(DATA SUPPLIED)

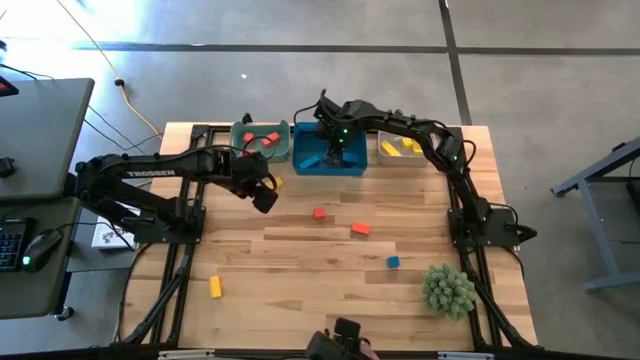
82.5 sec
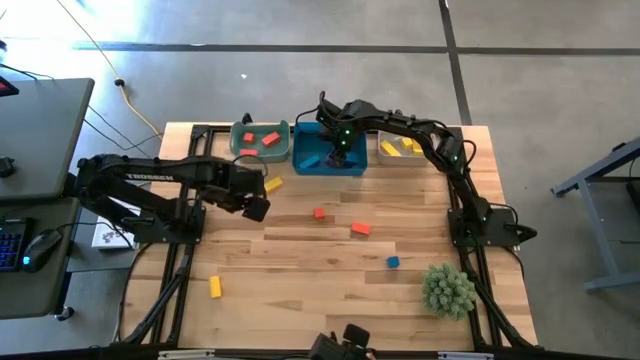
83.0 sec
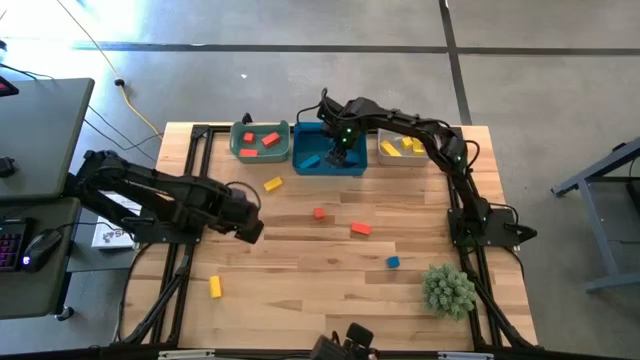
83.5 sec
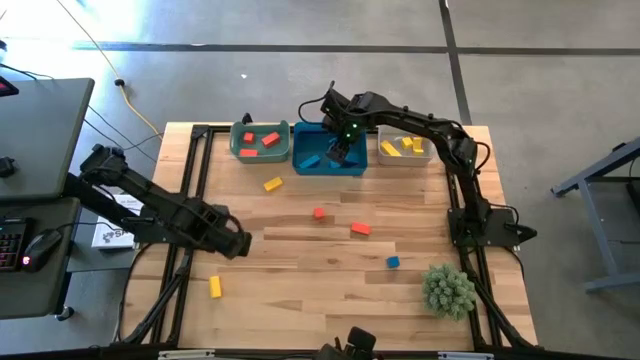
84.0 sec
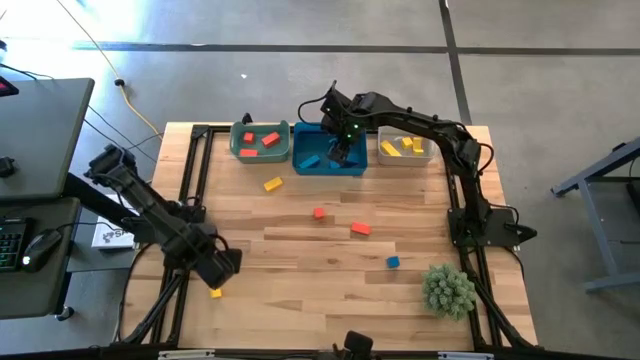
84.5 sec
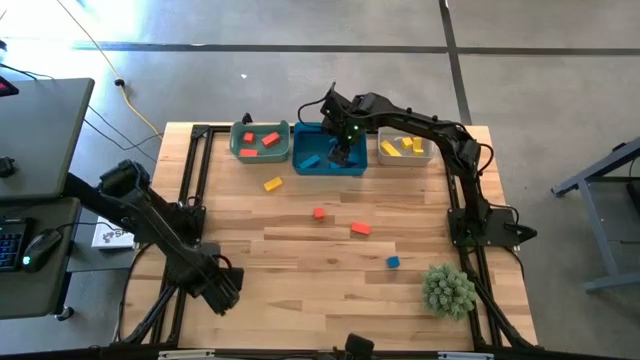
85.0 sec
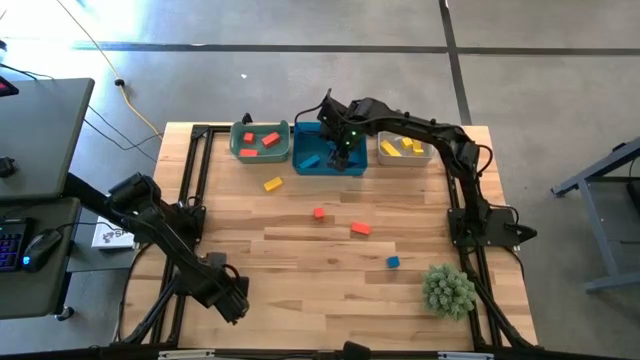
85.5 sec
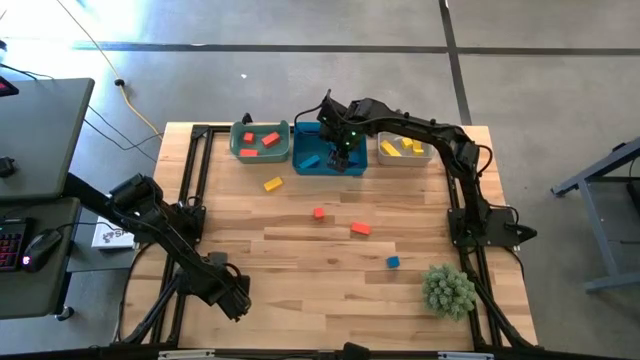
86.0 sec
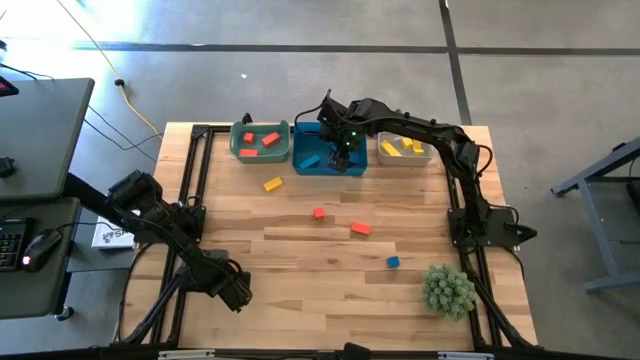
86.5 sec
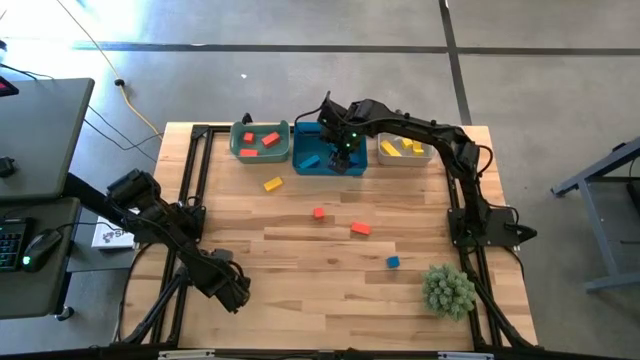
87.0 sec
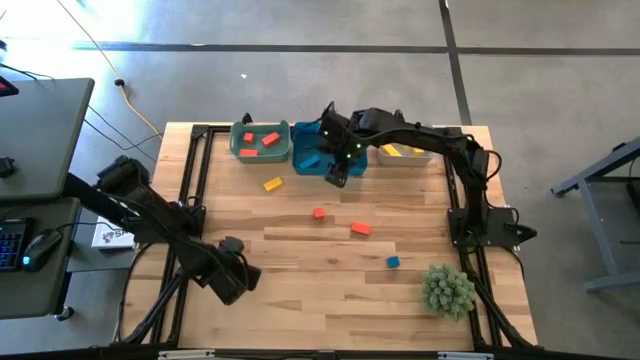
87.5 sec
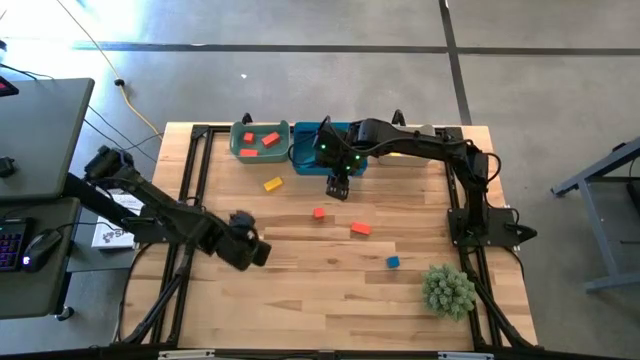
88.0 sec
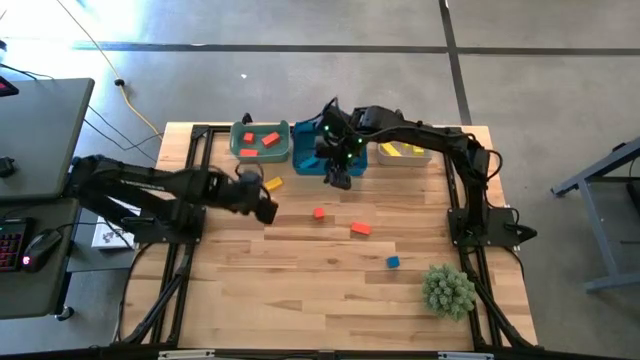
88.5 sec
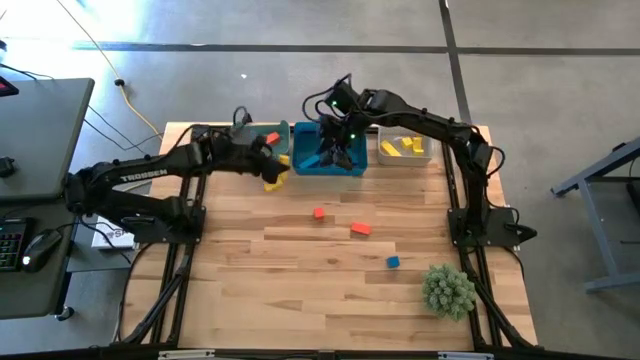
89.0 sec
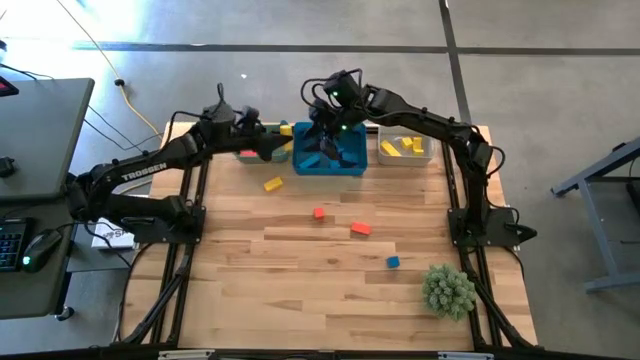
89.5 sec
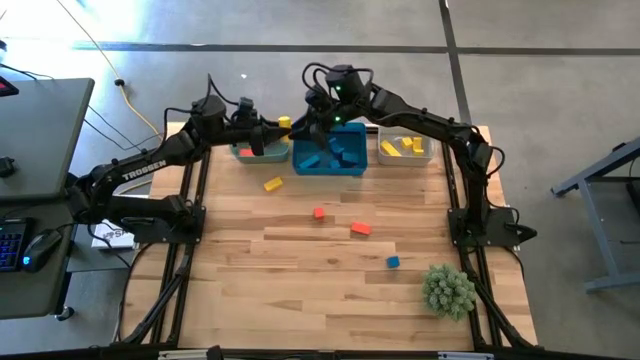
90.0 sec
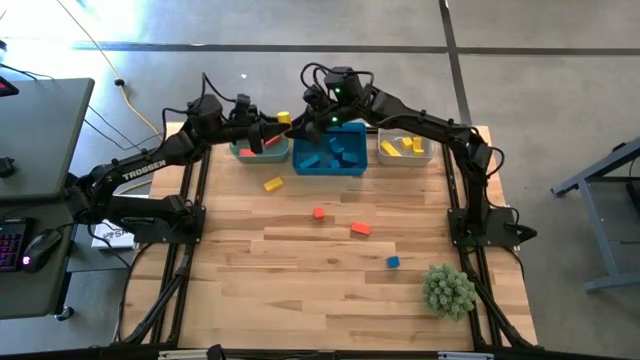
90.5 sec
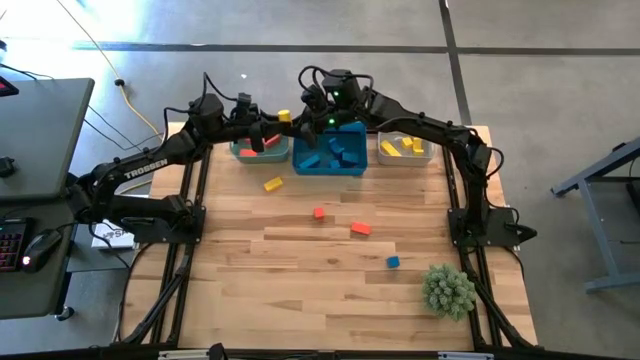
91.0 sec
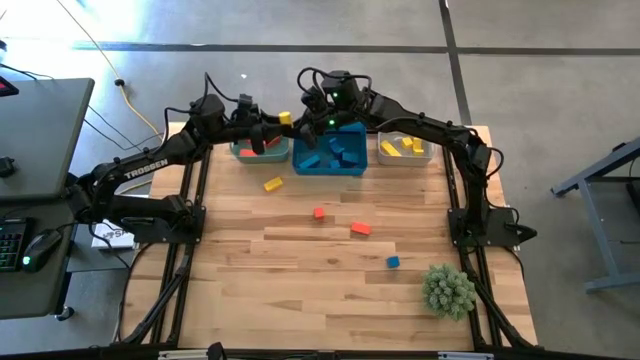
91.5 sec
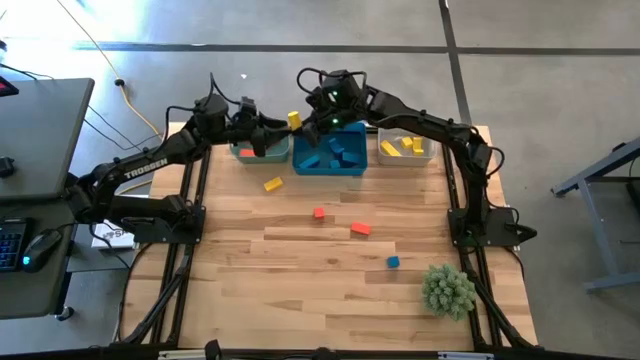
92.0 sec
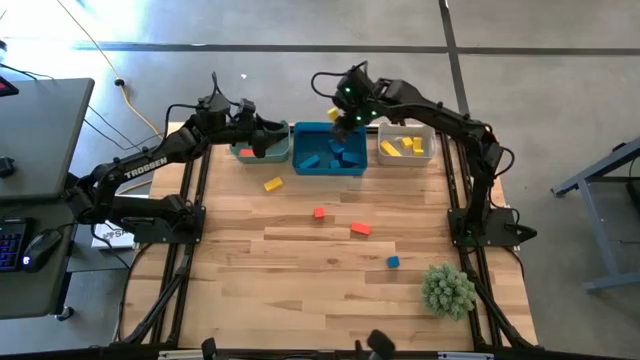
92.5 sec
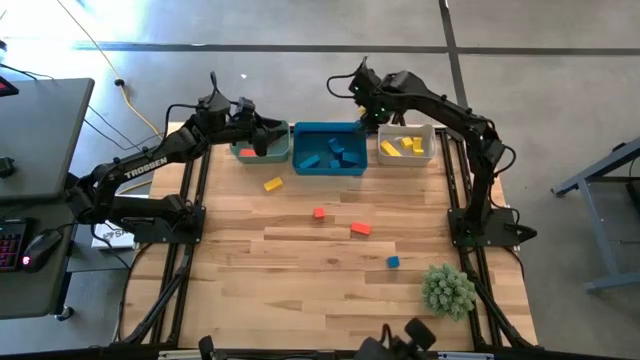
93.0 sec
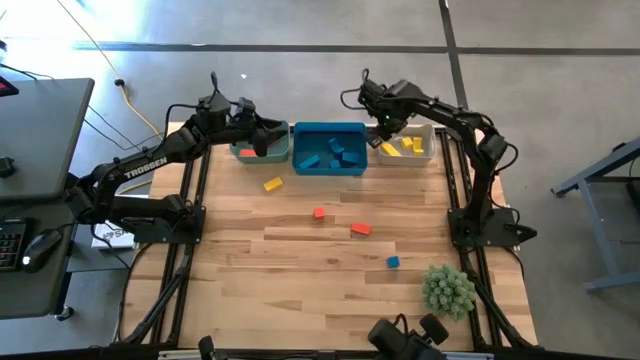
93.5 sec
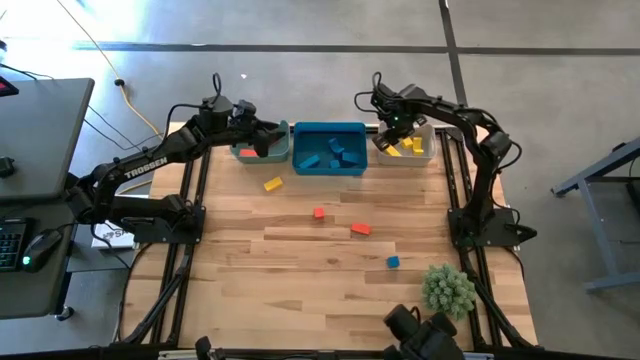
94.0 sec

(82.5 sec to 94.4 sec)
Task: Sort & place blocks by color
Put the yellow block into the white bin

(End DATA SUPPLIED)

TASK GOAL:
Only the pictures are to be omitted; the records above must otherwise be reproduced exactly.

SOLVED EXERCISE:
82.5 sec
83.0 sec
83.5 sec
84.0 sec
84.5 sec
85.0 sec
85.5 sec
86.0 sec
86.5 sec
87.0 sec
87.5 sec
88.0 sec
88.5 sec
89.0 sec
89.5 sec
90.0 sec
90.5 sec
91.0 sec
91.5 sec
92.0 sec
92.5 sec
93.0 sec
93.5 sec
94.0 sec

(82.5 sec to 94.4 sec)
Task: Sort & place blocks by color
Put the yellow block into the white bin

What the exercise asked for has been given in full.